Berlin: Die Hauptstadt der Erwähnungen. Der Nebenerwähnungen. Der Nebensätze. Der Nebenbei-mal-kurz-angesprochen-Politik.  Hauptstadt des Cash-Flow, der Geschäfte, der Wirtschaft mit dem Salz, das das Ganze so moralisch und gut macht:“ ….und denken sie auch an die Menschenrechte.“

Der propere Westerwelle, der in jedem Edgar-Wallace-Film den Kinsky als Widerling vom Dienst ersetzen könnte, bringts in den heutigen Nachrichten auf den Punkt: Geschäfte machen und die Meschenrechte erwähnen. Dann klingelts im Beutel, der Deal wird abgeschlossen und – aus den Augen aus dem Sinn – dann darf in China, Korea, Singapur, Nigeria, Iran etcetera weiter eingesperrt, ausgepeitscht, gefoltert und todesgestraft werden. Wen juckts – bis zum nächsten Staatsbesuch wird jede Menge Gewinn gemacht werden.

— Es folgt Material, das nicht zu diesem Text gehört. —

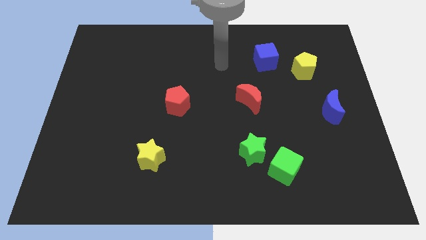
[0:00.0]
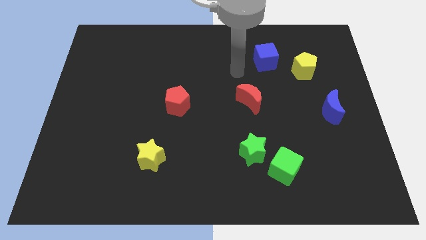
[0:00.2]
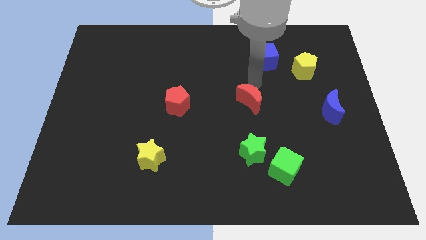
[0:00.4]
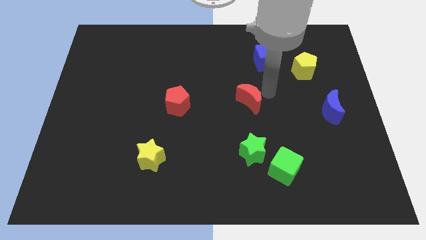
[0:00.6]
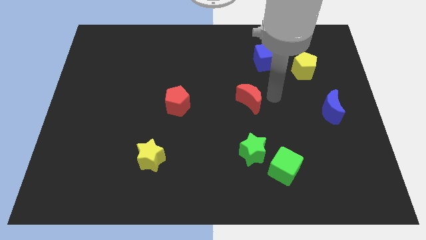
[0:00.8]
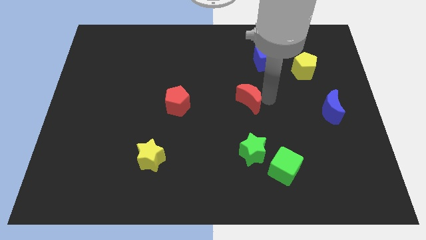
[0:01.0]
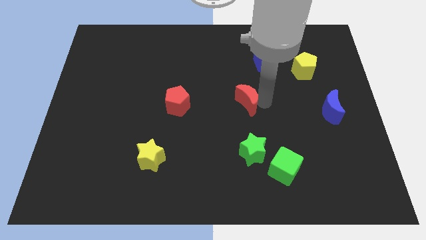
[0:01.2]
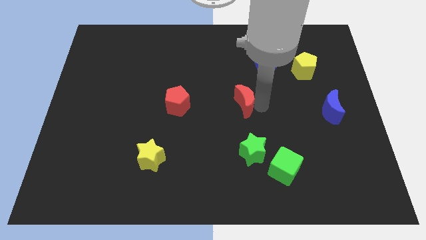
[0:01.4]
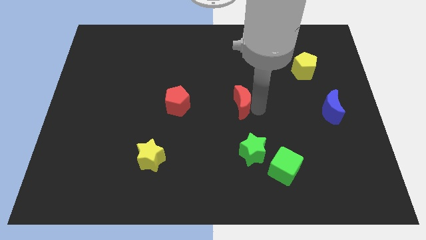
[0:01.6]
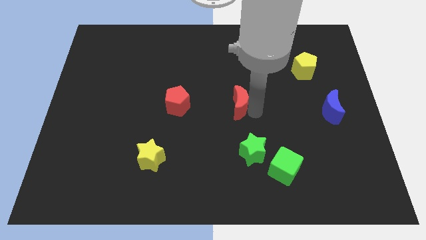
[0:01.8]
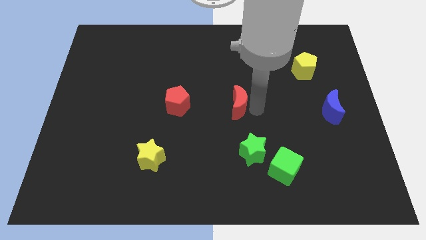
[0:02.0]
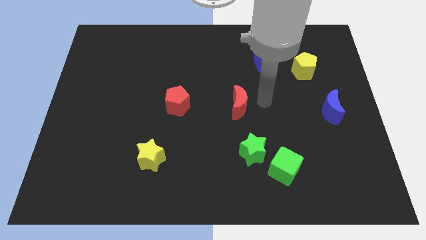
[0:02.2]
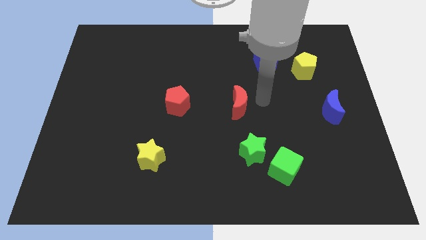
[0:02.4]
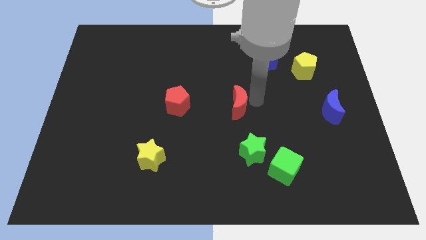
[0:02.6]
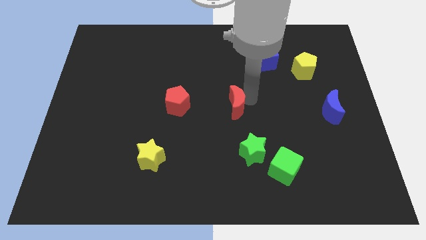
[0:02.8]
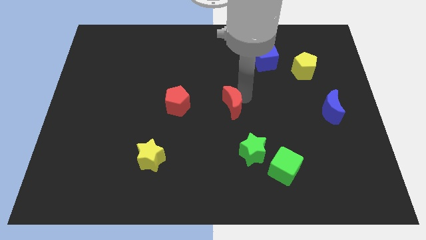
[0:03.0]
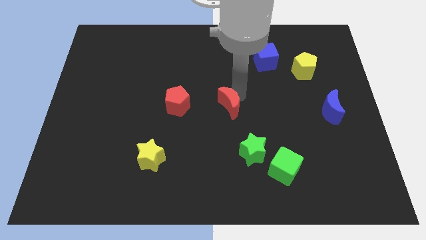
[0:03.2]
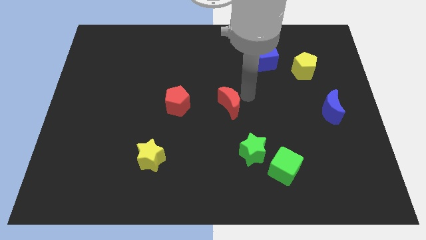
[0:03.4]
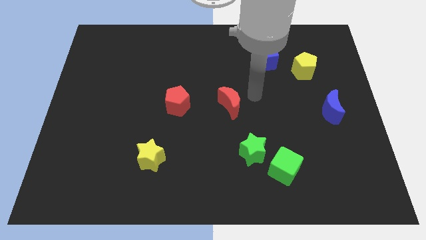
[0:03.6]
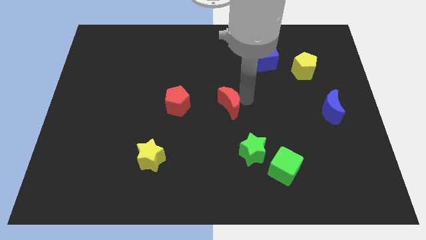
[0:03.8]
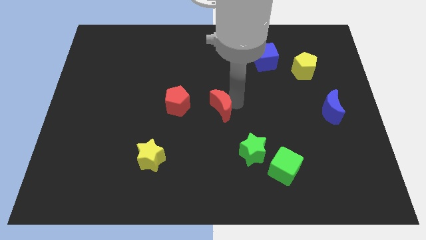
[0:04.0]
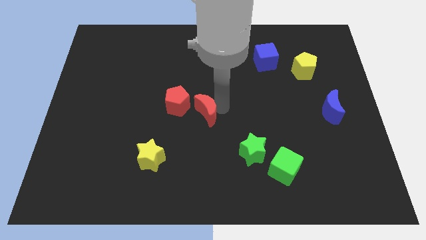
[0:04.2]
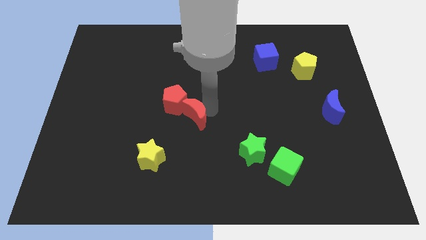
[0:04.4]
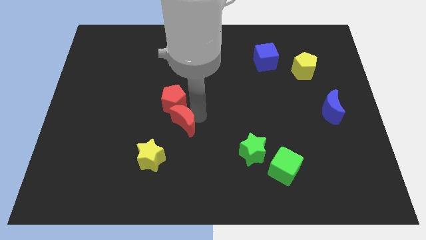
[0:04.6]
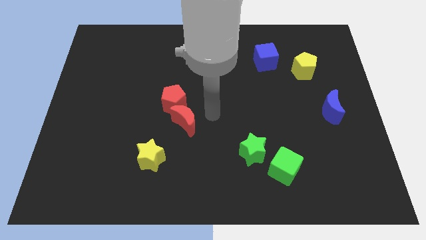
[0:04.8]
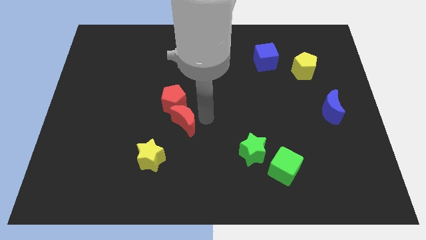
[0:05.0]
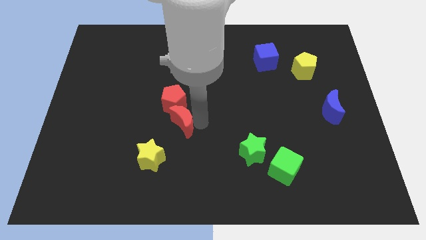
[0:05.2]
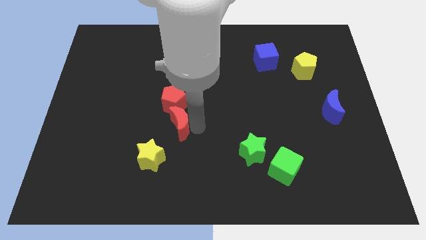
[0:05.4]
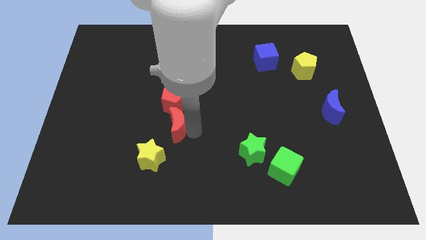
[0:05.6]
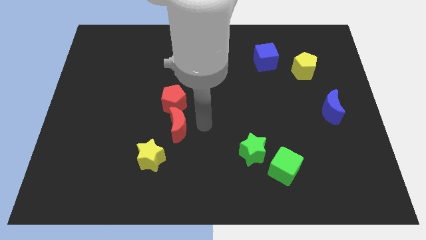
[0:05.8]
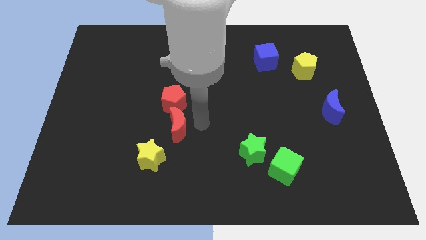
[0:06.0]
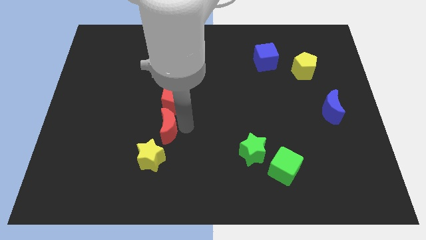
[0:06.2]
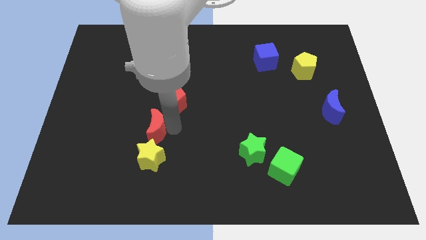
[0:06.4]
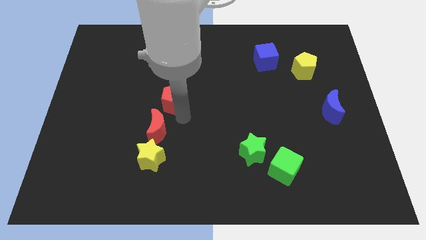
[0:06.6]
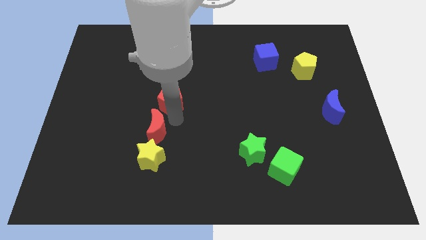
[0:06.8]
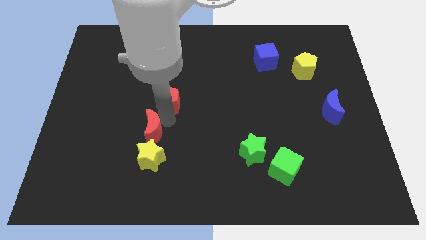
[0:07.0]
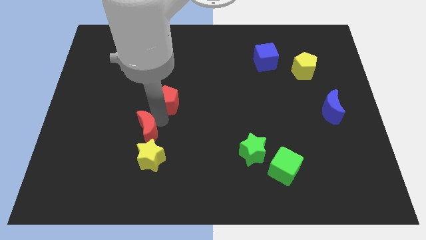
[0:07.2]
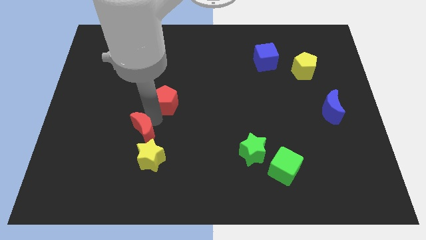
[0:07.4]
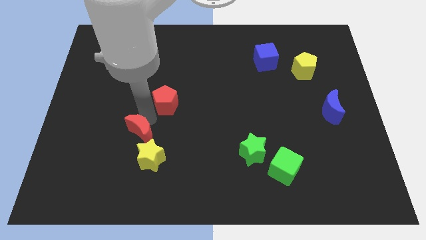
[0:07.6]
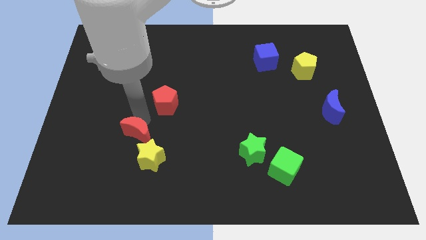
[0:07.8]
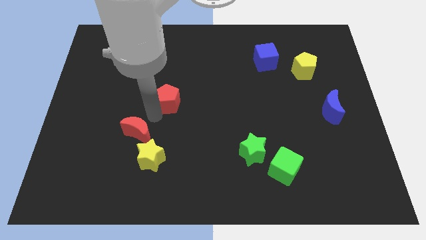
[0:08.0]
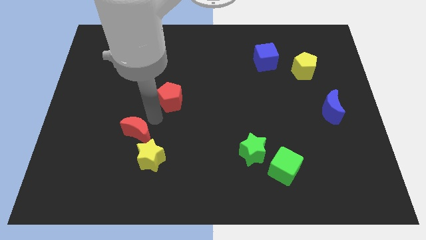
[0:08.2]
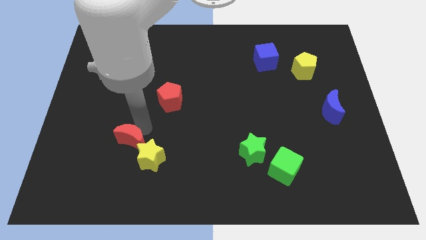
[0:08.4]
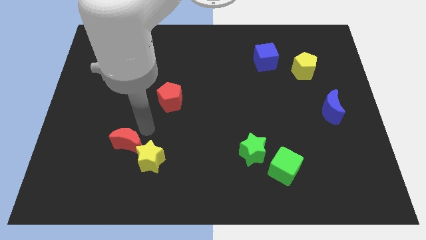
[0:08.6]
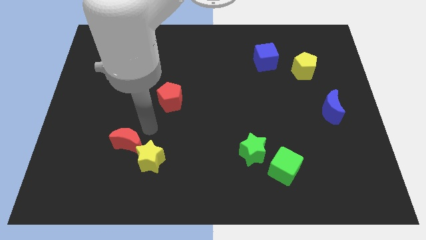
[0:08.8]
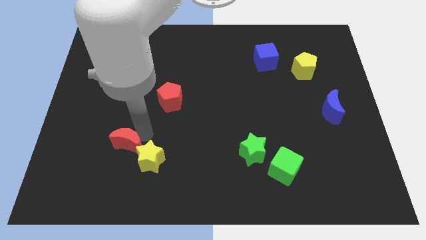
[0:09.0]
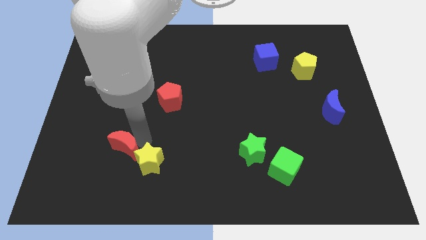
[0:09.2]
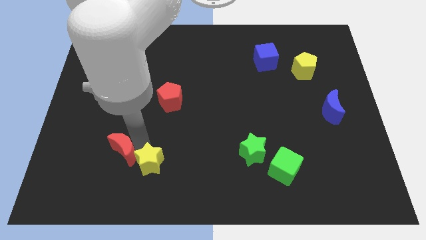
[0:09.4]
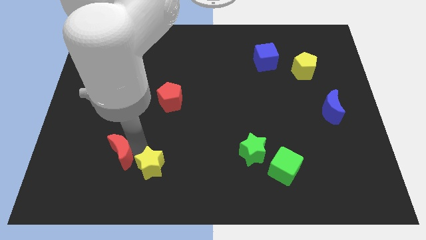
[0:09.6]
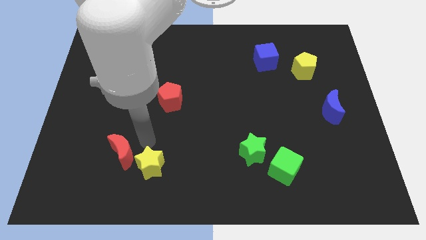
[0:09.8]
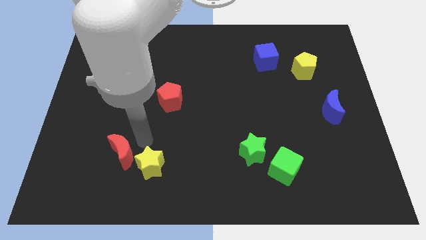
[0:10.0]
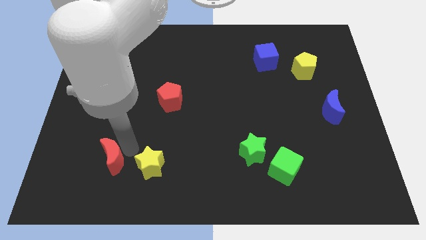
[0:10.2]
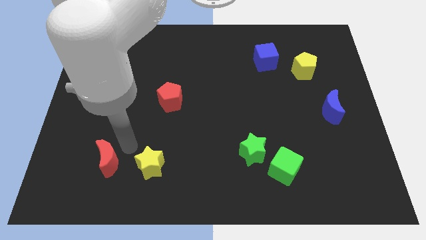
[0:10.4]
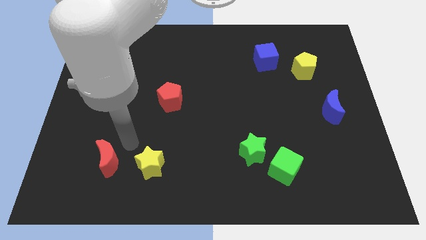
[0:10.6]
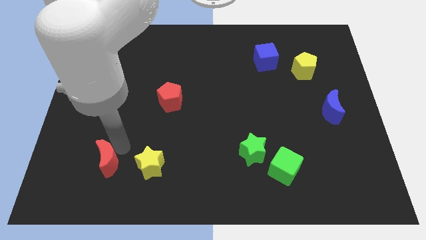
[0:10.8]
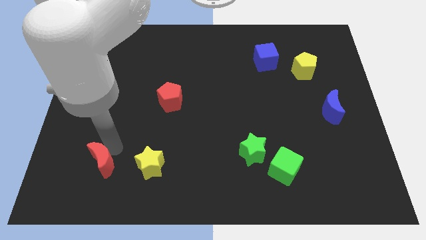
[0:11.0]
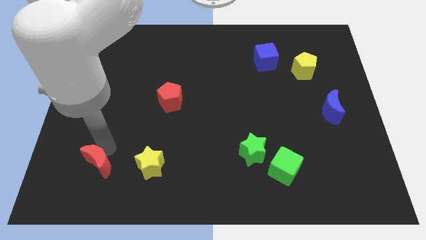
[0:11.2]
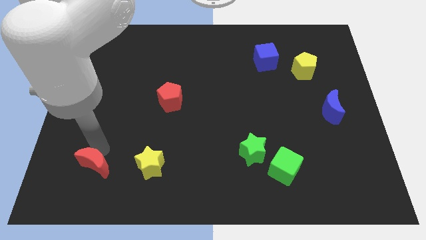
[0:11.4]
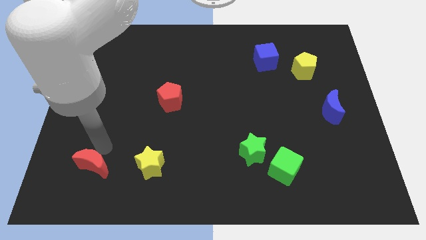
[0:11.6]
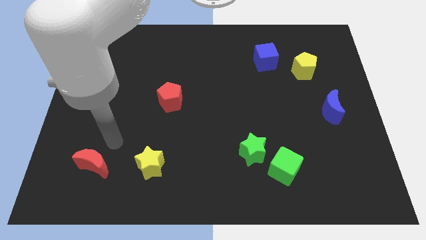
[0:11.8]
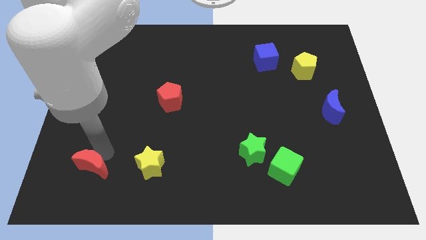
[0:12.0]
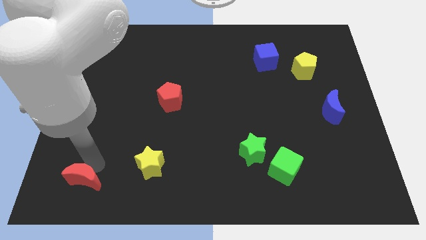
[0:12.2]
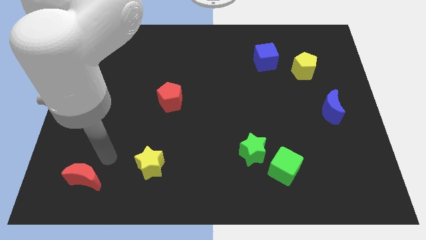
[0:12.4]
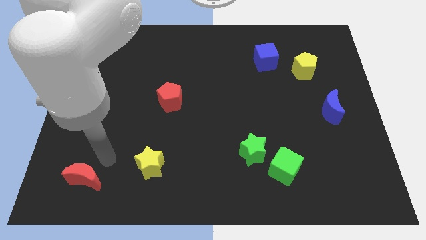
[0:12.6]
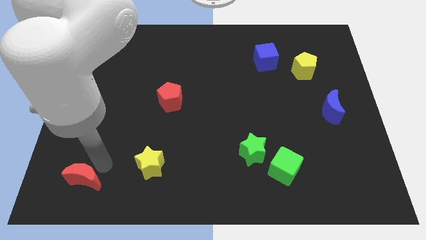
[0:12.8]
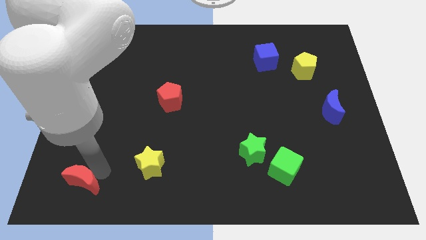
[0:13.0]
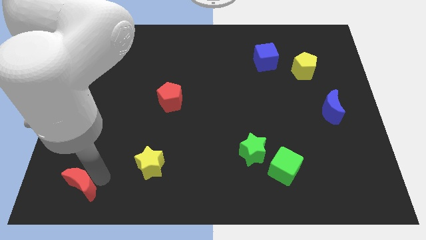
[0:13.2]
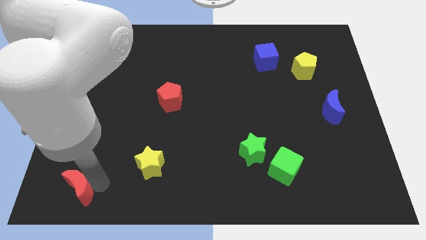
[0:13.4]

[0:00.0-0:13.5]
move the red moon to the lower left corner

Und aus Merkels Kreisen verlautet anläßlich des Besuchs des chinesischen Staatsoberhaupts ebenfalls, daß sie natürlich irgendwie die Menschenrechte ansprechen werde. Es sei noch nicht entschieden, ob sie dies leise, im Vier-Augen-Gespräch dem Chinamann ins Ohr flüstert oder beim Staatsbankett zwischen zwei Schluck Champagner zur Sprache bringt oder dies gar öffentlich vor einem Mikrofon erwähnt. So ein Nebensatz will halt gut platziert sein.

Er soll ja niemand beleidigen. Es ist halt ein Pflichtnebensatz. Gehört zur deutschen Politik und ist das Öl, das die Geschäfte geschmeidig schmiert.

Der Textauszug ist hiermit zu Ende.